### YOUR INSTRUCTIONS
Keep the images out and copy every entry below exactly.

### GIVEN ENTRIES
####################

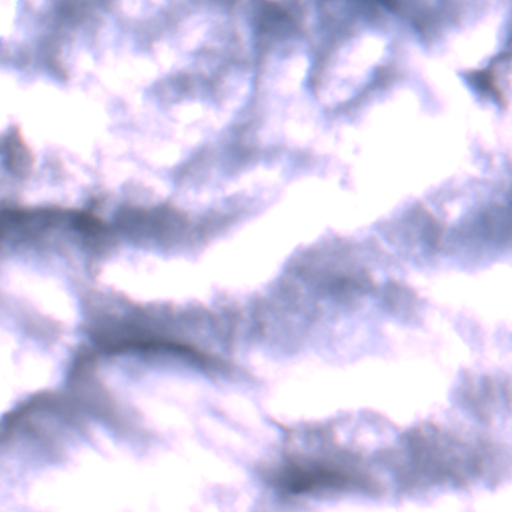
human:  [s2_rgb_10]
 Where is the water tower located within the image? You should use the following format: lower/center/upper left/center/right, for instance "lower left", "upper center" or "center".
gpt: The water tower is located in the lower right of the image.
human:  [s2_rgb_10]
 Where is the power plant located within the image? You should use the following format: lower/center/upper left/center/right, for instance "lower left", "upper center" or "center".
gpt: There is no power plant in the image.
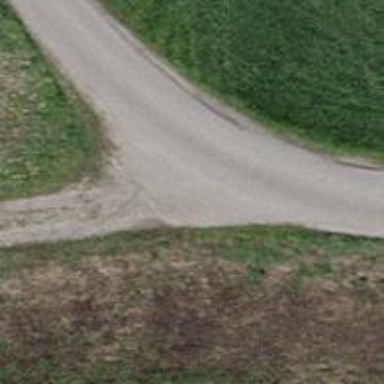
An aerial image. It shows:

####################

### WORKED SOLUTION
human:  [s2_rgb_10]
 Where is the water tower located within the image? You should use the following format: lower/center/upper left/center/right, for instance "lower left", "upper center" or "center".
gpt: The water tower is located in the lower right of the image.
human:  [s2_rgb_10]
 Where is the power plant located within the image? You should use the following format: lower/center/upper left/center/right, for instance "lower left", "upper center" or "center".
gpt: There is no power plant in the image.
An aerial image. It shows:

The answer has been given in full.